This allows for a "cryptographic perimeter": If a host presents a certificate that was signed by your CA using a cloud provisioner, and the CA is configured to verify the instance's account, project, or tenant ID in the IID, you can have some confidence that the request came from your infrastructure (not someone else's), but you cannot assume that the names on the certificate are authentic.

Because of this, every host in your infrastructure must be trusted.

Mitigating the risk of IIDs

Here are some things you can do to mitigate risk when using IIDs:

  • Configure the provisioner with instanceAge. The IID will effectively "expire" if it's not used within instanceAge after the instance is launched.
  • Use a trusted launch configuration / User Data script to obtain a certificate. Coupled with instanceAge, this will give you more assuance that the names on your certificates can be trusted.
  • Restrict provisioning by your cloud provider account or project IDs. Configure the provisioner's accounts (AWS) or projectIDs (GCP) setting.
  • Disable Custom SANs, if possible. When using the disableCustomSANs setting, the CA will only issue certificates with authentic name(s) extracted from the signed instance identity document. Unfortunately, the names on the IID may not be the names that you use to refer to your servers and services.
  • Instances that don't obtain a certificate are a risk. Anyone with access to the instance will be able to obtain a certificate binding any names, so long as the instance is younger than instanceAge. Consider requesting certificates even for instances that will never use them, so that the IID cannot later be used by an attacker.

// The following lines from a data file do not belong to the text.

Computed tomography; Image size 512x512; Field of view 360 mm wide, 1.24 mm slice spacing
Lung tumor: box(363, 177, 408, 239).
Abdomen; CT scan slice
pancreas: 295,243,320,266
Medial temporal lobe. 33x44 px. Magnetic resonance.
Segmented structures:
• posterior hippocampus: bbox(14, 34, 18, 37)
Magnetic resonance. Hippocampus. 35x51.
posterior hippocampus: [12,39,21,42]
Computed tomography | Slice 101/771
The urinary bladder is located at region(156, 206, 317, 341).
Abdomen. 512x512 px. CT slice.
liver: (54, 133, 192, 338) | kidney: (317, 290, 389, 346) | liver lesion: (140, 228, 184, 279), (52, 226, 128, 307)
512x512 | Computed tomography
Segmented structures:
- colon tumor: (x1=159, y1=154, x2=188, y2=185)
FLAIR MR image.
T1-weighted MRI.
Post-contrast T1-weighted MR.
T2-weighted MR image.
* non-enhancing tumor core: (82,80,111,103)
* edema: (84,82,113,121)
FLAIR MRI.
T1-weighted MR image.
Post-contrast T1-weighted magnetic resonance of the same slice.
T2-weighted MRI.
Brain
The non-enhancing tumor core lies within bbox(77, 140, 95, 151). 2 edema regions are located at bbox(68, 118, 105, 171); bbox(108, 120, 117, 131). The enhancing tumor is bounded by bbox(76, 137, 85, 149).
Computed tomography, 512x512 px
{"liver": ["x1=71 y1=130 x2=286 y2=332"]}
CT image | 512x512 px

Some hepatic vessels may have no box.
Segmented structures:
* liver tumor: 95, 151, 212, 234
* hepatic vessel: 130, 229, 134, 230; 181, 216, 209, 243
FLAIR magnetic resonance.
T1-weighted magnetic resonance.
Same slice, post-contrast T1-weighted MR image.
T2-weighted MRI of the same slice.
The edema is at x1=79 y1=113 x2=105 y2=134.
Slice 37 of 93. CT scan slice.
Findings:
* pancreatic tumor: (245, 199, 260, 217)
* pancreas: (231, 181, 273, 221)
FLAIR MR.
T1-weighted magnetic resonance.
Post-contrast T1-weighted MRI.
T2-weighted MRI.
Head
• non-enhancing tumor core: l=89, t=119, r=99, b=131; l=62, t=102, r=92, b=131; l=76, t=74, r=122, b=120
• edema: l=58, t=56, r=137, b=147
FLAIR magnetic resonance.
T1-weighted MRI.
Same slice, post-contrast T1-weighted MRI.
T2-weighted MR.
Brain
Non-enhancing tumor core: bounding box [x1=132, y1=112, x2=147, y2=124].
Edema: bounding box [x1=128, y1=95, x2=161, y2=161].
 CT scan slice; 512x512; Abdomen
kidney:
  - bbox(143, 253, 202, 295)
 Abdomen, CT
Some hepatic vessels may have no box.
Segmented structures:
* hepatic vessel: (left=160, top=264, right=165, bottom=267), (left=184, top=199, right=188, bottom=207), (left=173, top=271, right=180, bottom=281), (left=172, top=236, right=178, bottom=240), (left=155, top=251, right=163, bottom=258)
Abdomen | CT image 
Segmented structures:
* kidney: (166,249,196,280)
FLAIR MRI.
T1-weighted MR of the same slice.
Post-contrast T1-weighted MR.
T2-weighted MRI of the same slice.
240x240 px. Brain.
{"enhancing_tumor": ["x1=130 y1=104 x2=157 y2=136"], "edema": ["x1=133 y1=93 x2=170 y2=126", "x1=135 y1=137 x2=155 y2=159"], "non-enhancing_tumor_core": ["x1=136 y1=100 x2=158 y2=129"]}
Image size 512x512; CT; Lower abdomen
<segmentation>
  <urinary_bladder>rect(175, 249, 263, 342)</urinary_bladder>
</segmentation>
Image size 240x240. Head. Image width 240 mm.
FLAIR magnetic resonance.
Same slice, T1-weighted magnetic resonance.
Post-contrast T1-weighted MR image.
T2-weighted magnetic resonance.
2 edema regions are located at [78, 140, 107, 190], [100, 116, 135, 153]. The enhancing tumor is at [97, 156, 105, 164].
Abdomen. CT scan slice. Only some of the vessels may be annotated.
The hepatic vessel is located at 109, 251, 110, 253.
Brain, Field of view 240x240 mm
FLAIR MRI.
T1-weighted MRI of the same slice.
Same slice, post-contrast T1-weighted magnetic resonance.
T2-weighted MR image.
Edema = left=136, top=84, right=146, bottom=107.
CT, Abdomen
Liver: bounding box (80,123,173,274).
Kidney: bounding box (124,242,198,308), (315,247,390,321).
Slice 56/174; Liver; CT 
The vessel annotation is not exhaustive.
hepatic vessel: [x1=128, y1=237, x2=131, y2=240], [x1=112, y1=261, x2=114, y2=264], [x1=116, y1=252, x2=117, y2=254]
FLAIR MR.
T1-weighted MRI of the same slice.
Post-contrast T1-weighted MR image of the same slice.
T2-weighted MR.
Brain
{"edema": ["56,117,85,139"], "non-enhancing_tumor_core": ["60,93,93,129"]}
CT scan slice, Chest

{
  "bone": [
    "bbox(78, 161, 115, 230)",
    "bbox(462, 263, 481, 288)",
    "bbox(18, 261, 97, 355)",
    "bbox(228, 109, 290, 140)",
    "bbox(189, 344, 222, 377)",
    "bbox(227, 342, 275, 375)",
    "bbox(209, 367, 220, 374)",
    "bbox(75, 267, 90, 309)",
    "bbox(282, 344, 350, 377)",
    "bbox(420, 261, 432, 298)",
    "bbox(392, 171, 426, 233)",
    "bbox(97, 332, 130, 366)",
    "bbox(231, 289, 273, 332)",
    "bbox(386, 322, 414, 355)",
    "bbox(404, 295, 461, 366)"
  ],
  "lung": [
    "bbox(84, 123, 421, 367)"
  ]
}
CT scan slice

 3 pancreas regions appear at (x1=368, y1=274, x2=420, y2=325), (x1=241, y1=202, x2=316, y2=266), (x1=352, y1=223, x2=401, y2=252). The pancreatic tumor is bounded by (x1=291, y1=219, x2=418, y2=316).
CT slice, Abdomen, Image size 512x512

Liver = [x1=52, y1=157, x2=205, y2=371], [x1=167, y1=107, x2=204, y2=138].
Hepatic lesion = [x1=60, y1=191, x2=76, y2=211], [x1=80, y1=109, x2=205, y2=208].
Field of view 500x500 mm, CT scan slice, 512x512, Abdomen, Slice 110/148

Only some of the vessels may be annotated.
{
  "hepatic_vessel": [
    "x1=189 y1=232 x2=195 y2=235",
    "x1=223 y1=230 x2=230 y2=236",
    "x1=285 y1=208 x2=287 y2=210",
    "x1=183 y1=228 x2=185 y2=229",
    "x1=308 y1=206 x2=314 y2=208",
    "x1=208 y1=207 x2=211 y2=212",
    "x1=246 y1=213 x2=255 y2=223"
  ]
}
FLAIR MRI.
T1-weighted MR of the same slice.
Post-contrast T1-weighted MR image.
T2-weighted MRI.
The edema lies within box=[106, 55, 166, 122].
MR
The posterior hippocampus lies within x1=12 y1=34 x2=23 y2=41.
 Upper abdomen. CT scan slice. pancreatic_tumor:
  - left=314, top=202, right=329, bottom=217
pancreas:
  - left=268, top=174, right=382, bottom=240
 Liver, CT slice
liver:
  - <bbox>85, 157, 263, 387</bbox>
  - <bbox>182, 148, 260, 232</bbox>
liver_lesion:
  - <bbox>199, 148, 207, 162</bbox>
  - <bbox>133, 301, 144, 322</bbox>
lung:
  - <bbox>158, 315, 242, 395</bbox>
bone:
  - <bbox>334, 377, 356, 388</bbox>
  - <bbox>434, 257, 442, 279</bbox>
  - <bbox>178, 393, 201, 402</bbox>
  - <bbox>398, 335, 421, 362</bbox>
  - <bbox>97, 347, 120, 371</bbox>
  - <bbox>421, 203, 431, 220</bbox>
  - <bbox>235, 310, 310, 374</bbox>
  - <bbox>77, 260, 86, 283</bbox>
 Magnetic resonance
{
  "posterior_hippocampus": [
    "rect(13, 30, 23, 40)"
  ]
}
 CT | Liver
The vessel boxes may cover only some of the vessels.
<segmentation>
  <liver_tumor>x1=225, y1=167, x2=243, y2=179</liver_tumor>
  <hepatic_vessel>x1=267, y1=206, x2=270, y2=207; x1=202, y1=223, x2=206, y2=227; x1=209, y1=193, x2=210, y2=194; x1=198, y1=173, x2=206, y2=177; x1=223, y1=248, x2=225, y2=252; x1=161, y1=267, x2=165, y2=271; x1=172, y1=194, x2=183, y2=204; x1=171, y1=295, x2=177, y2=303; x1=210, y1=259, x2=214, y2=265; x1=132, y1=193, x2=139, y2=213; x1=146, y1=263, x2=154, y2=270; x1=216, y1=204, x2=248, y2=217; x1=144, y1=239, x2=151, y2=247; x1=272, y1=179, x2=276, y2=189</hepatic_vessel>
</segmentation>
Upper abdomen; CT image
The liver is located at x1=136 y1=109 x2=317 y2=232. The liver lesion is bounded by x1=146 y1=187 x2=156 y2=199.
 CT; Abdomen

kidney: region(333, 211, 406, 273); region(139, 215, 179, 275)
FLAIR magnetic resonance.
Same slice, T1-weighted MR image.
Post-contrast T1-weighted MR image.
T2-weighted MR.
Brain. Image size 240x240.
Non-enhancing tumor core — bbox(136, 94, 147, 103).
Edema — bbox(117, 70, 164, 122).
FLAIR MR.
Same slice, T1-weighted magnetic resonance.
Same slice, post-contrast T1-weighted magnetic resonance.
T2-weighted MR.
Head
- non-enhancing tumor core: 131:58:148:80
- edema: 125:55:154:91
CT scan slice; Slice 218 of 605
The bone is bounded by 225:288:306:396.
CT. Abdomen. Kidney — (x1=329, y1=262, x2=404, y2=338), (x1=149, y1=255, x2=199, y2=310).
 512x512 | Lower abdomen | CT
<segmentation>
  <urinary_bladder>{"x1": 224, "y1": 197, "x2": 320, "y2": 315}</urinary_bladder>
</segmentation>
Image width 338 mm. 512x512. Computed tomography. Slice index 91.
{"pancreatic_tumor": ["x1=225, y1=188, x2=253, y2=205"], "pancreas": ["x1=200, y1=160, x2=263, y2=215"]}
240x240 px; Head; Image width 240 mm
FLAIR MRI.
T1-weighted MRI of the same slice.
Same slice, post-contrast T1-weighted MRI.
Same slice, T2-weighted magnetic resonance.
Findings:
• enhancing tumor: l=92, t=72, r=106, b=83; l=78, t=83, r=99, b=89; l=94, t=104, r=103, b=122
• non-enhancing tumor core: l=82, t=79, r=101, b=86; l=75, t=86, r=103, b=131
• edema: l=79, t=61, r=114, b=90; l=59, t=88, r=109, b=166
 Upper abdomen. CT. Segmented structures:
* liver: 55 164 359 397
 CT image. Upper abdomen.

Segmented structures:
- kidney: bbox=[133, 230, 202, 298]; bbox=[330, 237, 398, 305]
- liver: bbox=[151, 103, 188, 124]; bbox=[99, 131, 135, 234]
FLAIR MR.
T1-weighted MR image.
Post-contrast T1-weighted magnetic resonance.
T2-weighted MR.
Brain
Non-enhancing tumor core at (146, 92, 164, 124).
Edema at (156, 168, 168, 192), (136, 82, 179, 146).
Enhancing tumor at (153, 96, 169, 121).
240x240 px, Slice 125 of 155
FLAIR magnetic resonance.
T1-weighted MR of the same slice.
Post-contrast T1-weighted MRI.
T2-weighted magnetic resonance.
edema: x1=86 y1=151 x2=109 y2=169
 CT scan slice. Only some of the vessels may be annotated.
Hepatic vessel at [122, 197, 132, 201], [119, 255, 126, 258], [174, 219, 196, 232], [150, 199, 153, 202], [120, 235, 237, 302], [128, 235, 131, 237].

There are a lot of details to get right to make this model secure, many of which are environment-dependent and beyond the scope of this document.

AWS

The AWS provisioner allows granting a certificate to an Amazon EC2 instance using the Instance Identity Documents

The step CLI will generate a custom JWT token containing the instance identity document and its signature and the CA will grant a certificate after validating it.

Example

Find your AWS account ID to restrict access to our VMs:

AWS Account ID

On the host running step-ca add an AWS provisioner to your configuration by running:

step ca provisioner add "AWS IID Provisioner" --type AWS --aws-account 123456789042

In the ca.json, an AWS provisioner looks like:

{ "type": "AWS", "name": "Amazon Web Services", "accounts": ["123456789042"], "disableCustomSANs": false, "disableTrustOnFirstUse": false, "instanceAge": "1h", "claims": { "maxTLSCertDuration": "2160h", "defaultTLSCertDuration": "2160h" }, "options": { "x509": { "templateFile": "templates/certs/x509/default.tpl" } } }
  • type: indicates the provisioner type and must be AWS.

  • name: a string used to identify the provider when the CLI is used.

  • accounts*: the list of AWS account numbers that are allowed to use this provisioner. If none is specified, all AWS accounts will be valid.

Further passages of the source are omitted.